== Prompt ==
Could you please write out each line of the records exactly, minus the pictures?

== Information given ==
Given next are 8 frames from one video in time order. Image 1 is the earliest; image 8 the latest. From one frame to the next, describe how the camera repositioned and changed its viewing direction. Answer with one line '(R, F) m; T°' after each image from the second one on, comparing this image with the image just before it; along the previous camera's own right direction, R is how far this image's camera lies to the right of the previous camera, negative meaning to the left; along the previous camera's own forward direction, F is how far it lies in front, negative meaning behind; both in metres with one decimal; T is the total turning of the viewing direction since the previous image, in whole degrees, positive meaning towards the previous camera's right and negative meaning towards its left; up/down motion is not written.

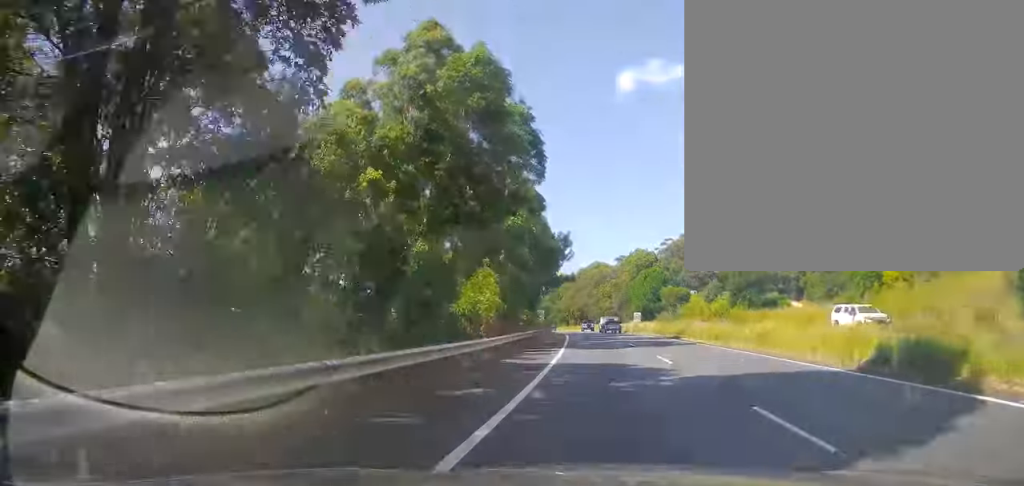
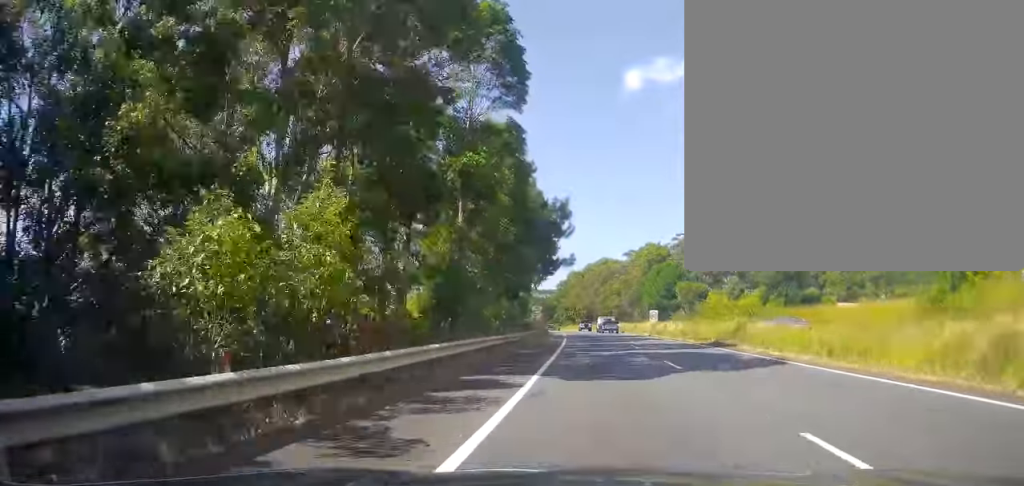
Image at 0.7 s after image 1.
(+0.2, +14.0) m; 0°
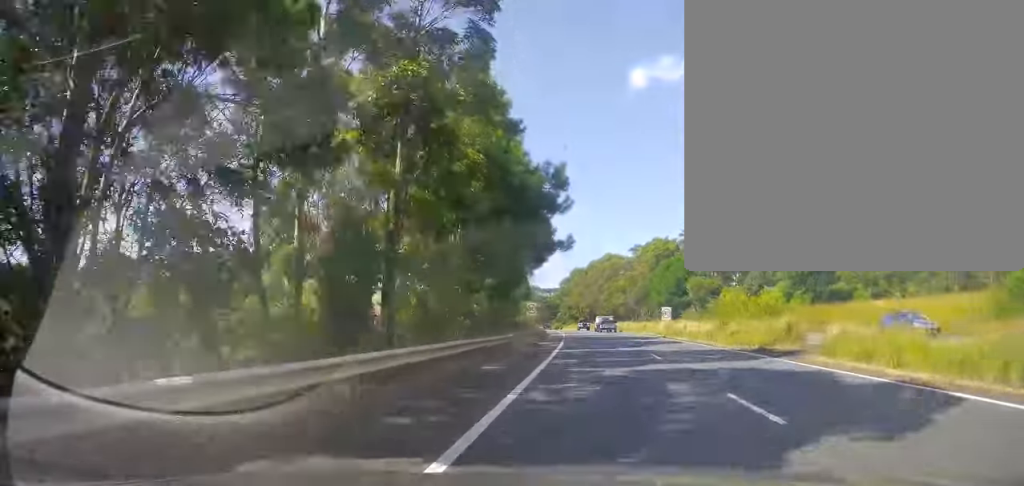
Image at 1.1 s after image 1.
(+0.3, +8.3) m; -1°
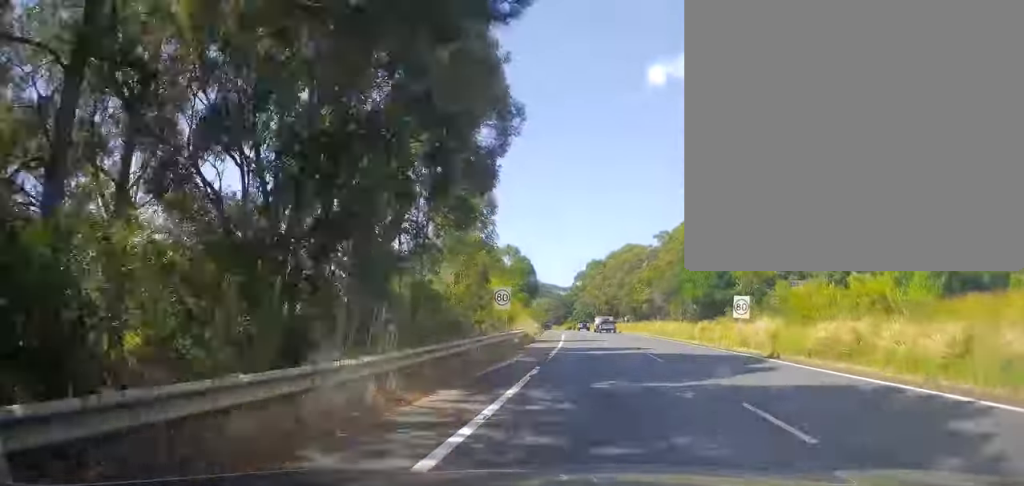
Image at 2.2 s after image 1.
(-0.8, +24.3) m; -3°
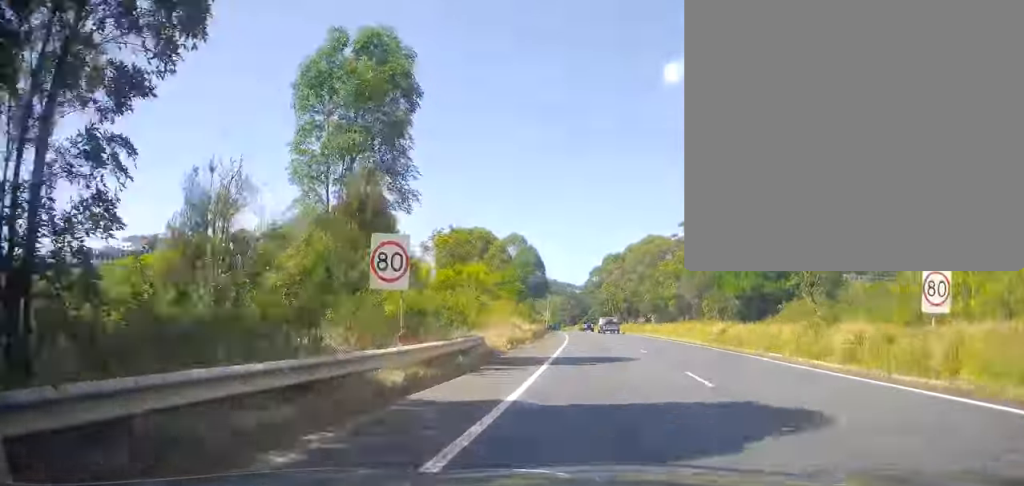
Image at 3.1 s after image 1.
(-0.1, +18.4) m; 0°
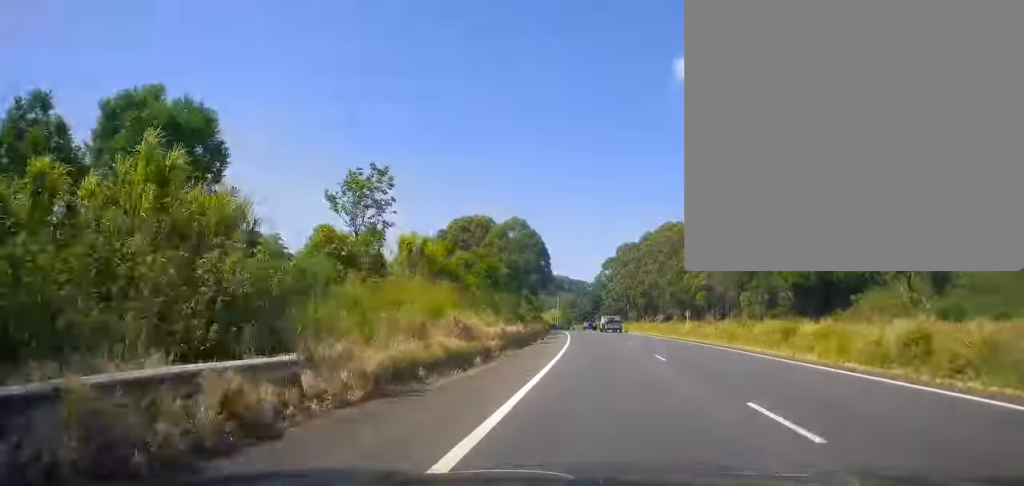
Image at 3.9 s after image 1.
(0.0, +17.1) m; +1°
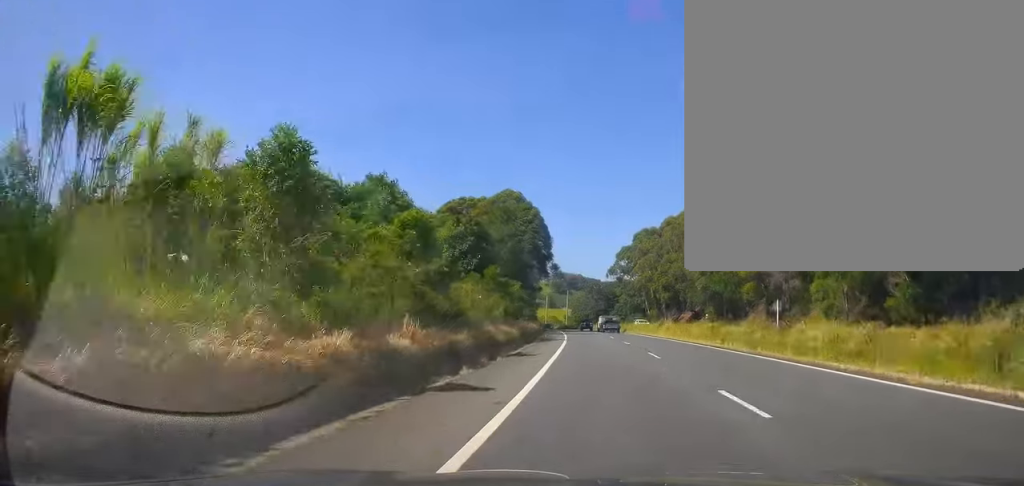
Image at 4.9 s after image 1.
(+0.3, +22.4) m; -1°
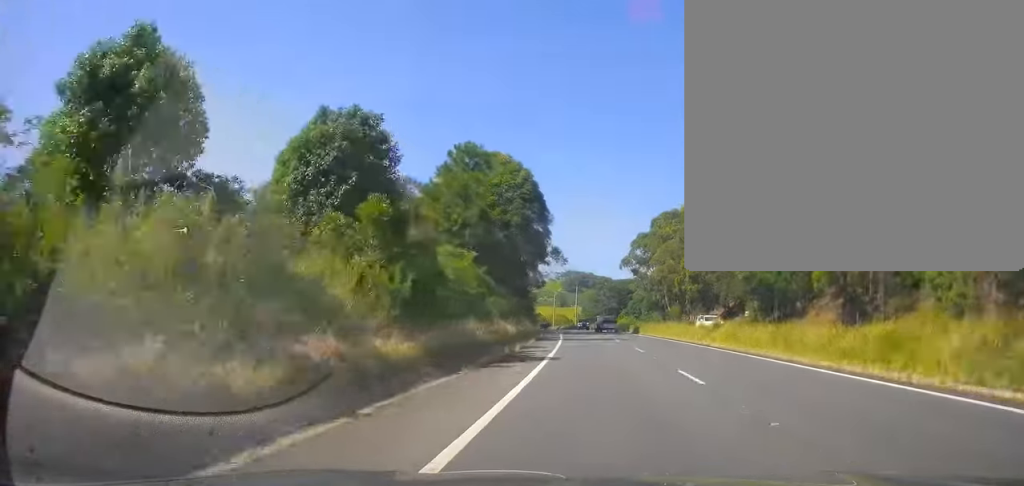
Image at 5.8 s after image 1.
(-0.4, +19.7) m; -2°
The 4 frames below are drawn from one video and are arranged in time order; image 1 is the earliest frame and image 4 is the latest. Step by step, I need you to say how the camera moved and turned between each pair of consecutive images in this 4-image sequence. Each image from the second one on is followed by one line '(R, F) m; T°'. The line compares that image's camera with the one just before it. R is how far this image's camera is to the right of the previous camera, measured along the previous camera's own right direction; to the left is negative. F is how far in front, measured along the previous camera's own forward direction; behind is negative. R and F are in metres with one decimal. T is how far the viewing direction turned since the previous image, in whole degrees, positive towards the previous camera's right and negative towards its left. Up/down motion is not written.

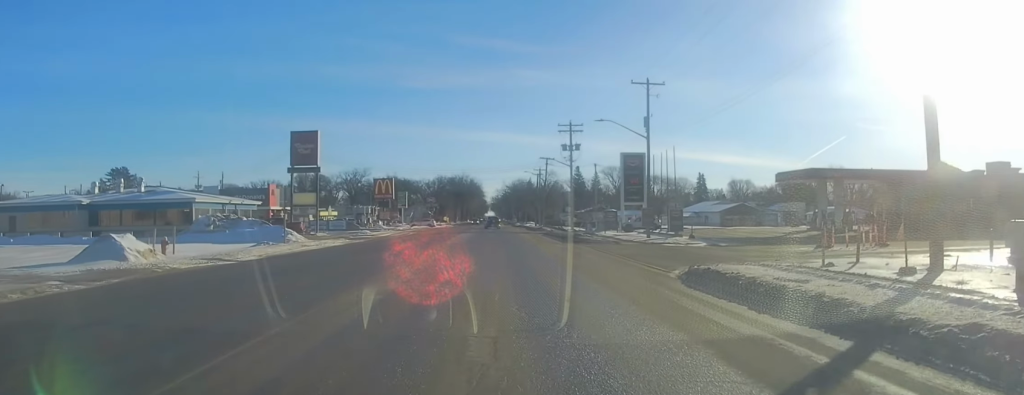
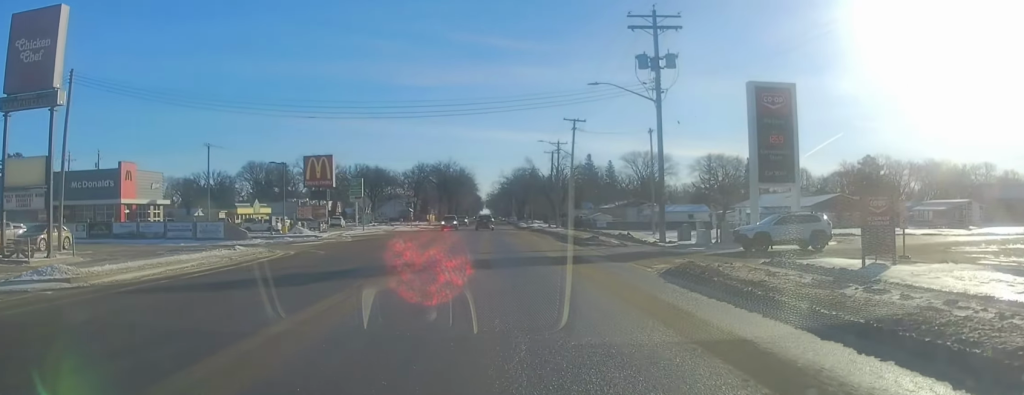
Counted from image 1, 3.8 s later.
(0.0, +48.7) m; 0°
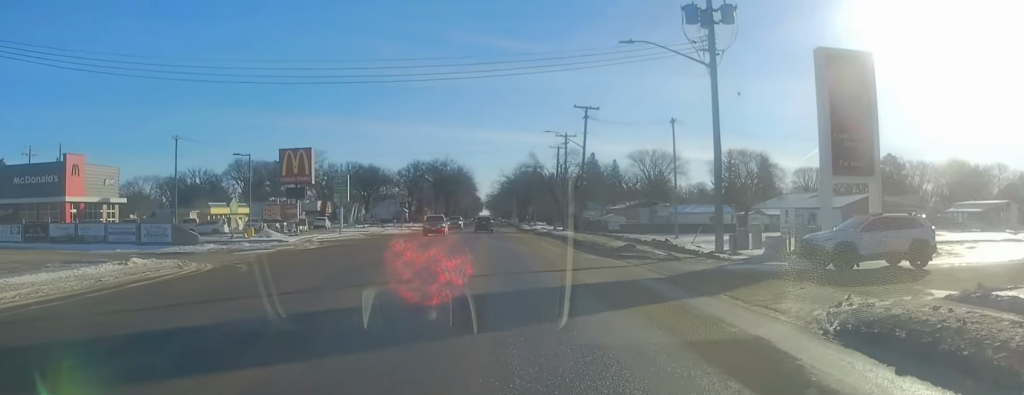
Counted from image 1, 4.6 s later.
(0.0, +10.3) m; 0°
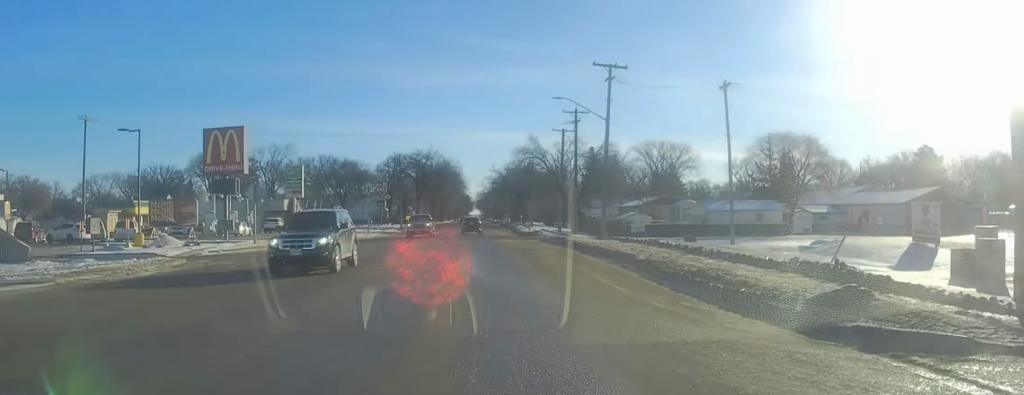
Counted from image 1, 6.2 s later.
(0.0, +19.2) m; 0°
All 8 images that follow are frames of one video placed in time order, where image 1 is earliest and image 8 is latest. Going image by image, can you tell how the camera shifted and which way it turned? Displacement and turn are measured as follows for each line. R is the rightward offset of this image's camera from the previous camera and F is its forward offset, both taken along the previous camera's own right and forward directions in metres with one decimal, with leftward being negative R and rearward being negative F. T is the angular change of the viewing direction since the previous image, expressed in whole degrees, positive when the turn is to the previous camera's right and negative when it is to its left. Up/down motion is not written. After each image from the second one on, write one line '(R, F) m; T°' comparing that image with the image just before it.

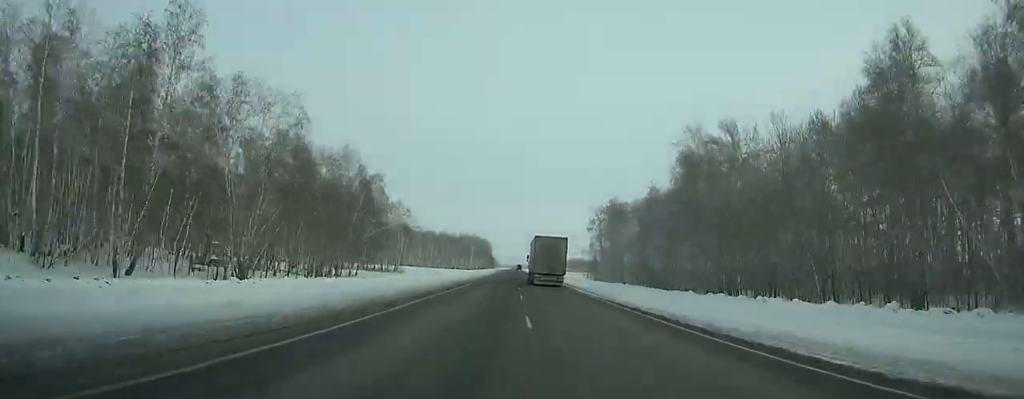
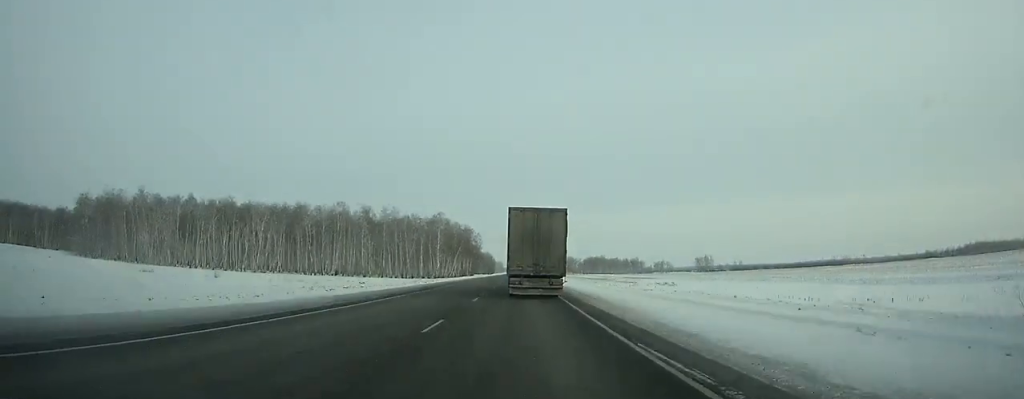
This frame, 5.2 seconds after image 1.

== Response to the task ==
Given next are 8 frames from one video in time order. Image 1 is the earliest; image 8 the latest. From one frame to the next, describe how the camera repositioned and changed its viewing direction. Answer with one line '(R, F) m; T°' after each image from the second one on, comparing this image with the image just before it; along the previous camera's own right direction, R is how far this image's camera lies to the right of the previous camera, negative meaning to the left; along the previous camera's own forward direction, F is how far it lies in front, negative meaning behind; both in metres with one decimal; T is the total turning of the viewing direction since the previous image, in whole degrees, positive meaning towards the previous camera's right and negative meaning towards its left; up/down motion is not written.

Image at 0.7 s after image 1.
(+0.2, +14.0) m; 0°
Image at 1.1 s after image 1.
(+0.3, +8.3) m; -1°
Image at 2.2 s after image 1.
(-0.8, +24.3) m; -3°
Image at 3.1 s after image 1.
(-0.1, +18.4) m; 0°
Image at 3.9 s after image 1.
(0.0, +17.1) m; +1°
Image at 4.9 s after image 1.
(+0.3, +22.4) m; -1°
Image at 5.8 s after image 1.
(-0.4, +19.7) m; -2°
The 4 frames below are drawn from one video and are arranged in time order; image 1 is the earliest frame and image 4 is the latest. Step by step, I need you to say how the camera moved and turned between each pair of consecutive images in this 4-image sequence. Each image from the second one on is followed by one line '(R, F) m; T°'. The line compares that image's camera with the one just before it. R is how far this image's camera is to the right of the previous camera, measured along the previous camera's own right direction; to the left is negative. F is how far in front, measured along the previous camera's own forward direction; behind is negative. R and F are in metres with one decimal. T is how far the viewing direction turned since the previous image, in whole degrees, positive towards the previous camera's right and negative towards its left. Up/down motion is not written.

Counted from image 1, 3.8 s later.
(0.0, +48.7) m; 0°
Counted from image 1, 4.6 s later.
(0.0, +10.3) m; 0°
Counted from image 1, 6.2 s later.
(0.0, +19.2) m; 0°
All 8 images that follow are frames of one video placed in time order, where image 1 is earliest and image 8 is latest. Going image by image, can you tell how the camera shifted and which way it turned? Displacement and turn are measured as follows for each line. R is the rightward offset of this image's camera from the previous camera and F is its forward offset, both taken along the previous camera's own right and forward directions in metres with one decimal, with leftward being negative R and rearward being negative F. T is the angular change of the viewing direction since the previous image, expressed in whole degrees, positive when the turn is to the previous camera's right and negative when it is to its left. Up/down motion is not written. After each image from the second one on, write one line '(R, F) m; T°' comparing that image with the image just before it.

This frame, 5.2 seconds after image 1.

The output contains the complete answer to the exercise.